By Lawrence Hurley & Andrew Chung
The US Supreme Court has stepped into the high-profile patent fight between the world's two fiercest smartphone rivals, Apple and Samsung, agreeing to hear Samsung's appeal of what it contends were excessive penalties for copying the patented designs of the iPhone.
Samsung Electronics Co Ltd paid Apple Inc more than US$548 million (NZ$809.75 million) in December related to a jury verdict from 2012.
It is seeking to pare back the US$399 million (NZ$589.6 million) of that amount that was awarded for infringing on the designs of the iPhone's rounded-corner front face, bezel and colourful grid of icons, saying they contributed only marginally to a complex device.
A Samsung spokeswoman said in a statement that the court's review "can lead to a fair interpretation of patent law that will support creativity and reward innovation."
An Apple representative declined comment.
Apple sued in 2011, claiming the South Korean electronics company stole its technology and ripped off the look of the iPhone.
Last May, the US Court of Appeals for the Federal Circuit in Washington upheld the 2012 patent infringement verdict.
The court, however, said the iPhone's appearance could not be protected through trademarks, forcing another trial later this month in federal court in San Jose, California, to recalculate some of the damages Apple is owed.
The Supreme Court has not reviewed a design patent case in more than 120 years, when the products involved included a spoon handle and a rug.

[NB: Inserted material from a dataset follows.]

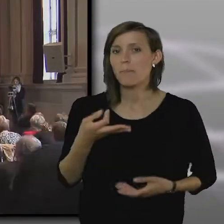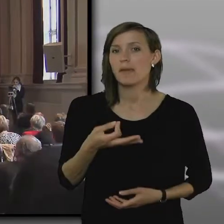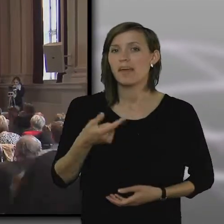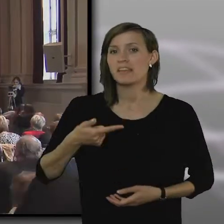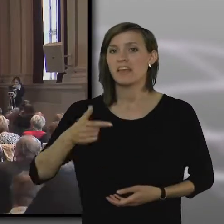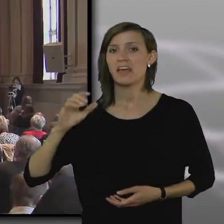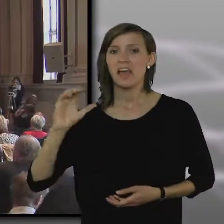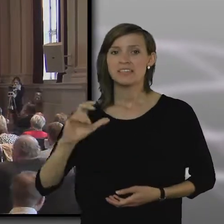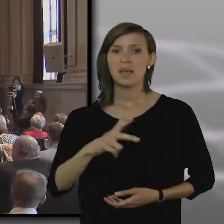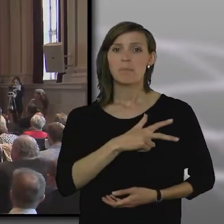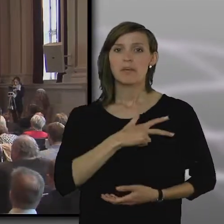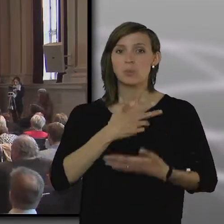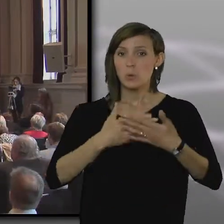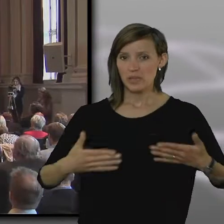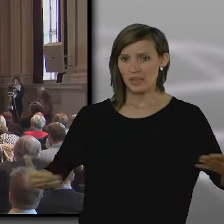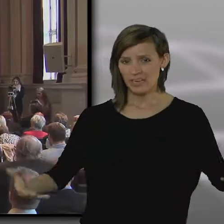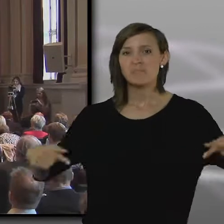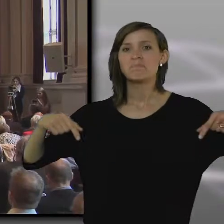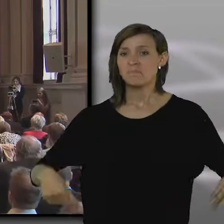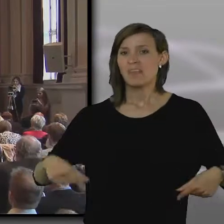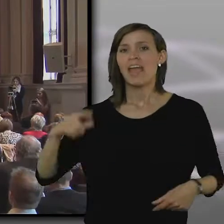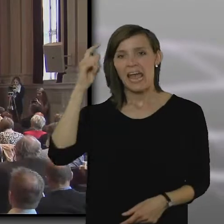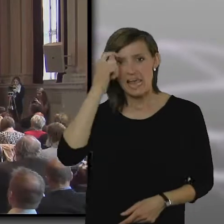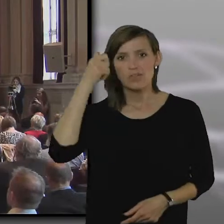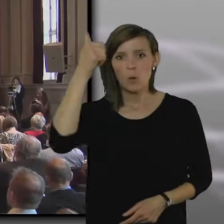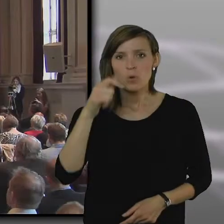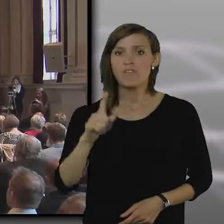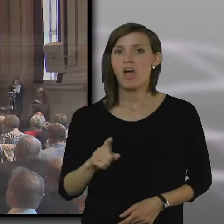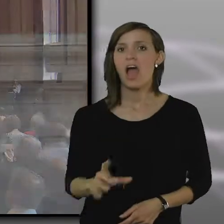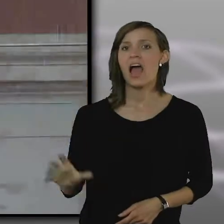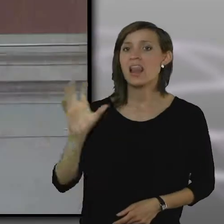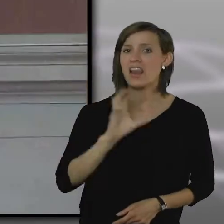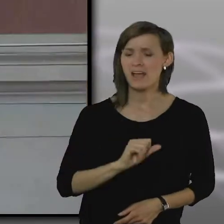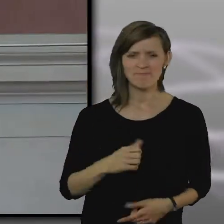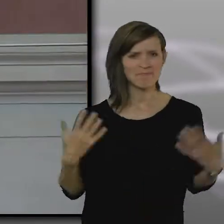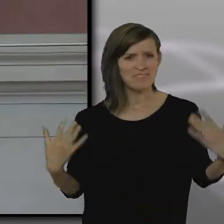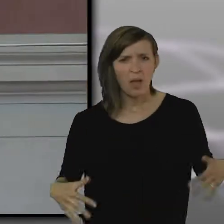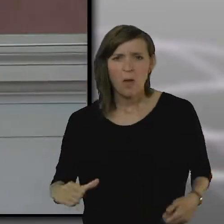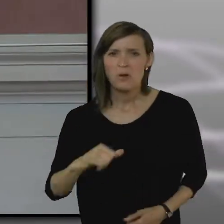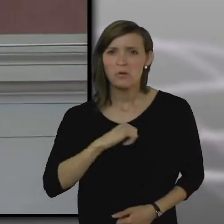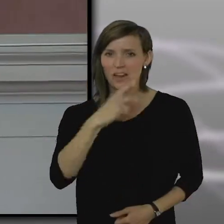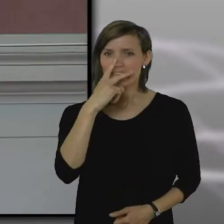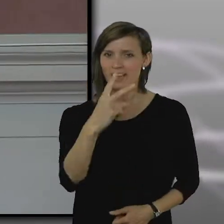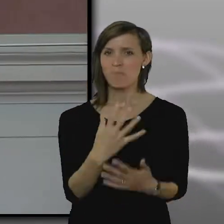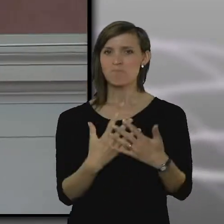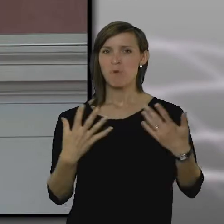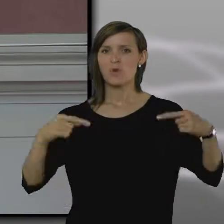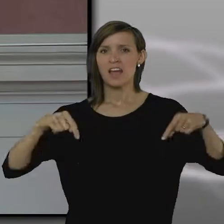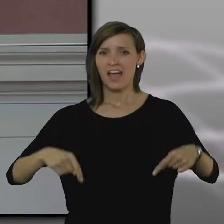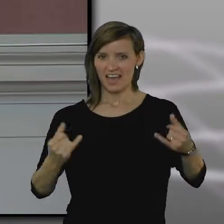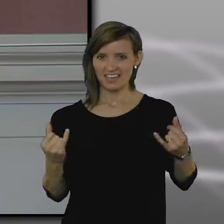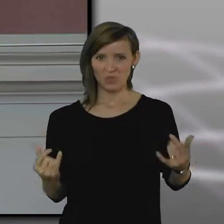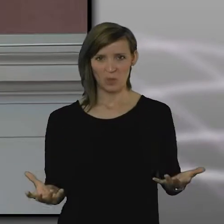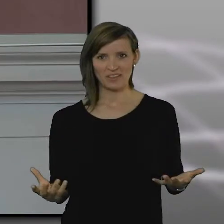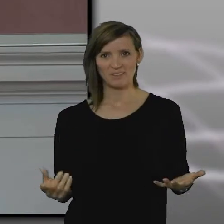i innovation för alla. Det är fantastiskt roligt att se att det är så många här idag. Jättekul tycker vi som

The high court said it would answer whether courts should award in damages the total profits from a product that infringes on a design patent if the patent applies only to a component of the product.
Apple urged the high court not to take the case, saying Samsung's illegal conduct was clear.
Samsung consciously decided to copy the iPhone after its debut in 2007, Apple said, and soon after its mobile devices "became iPhone clones".
Samsung was supported by other major high-tech firms including Google and Facebook.
The companies filed a friend-of-the-court brief that said the Federal Circuit decision will lead to more design patent lawsuits, which will stifle innovation.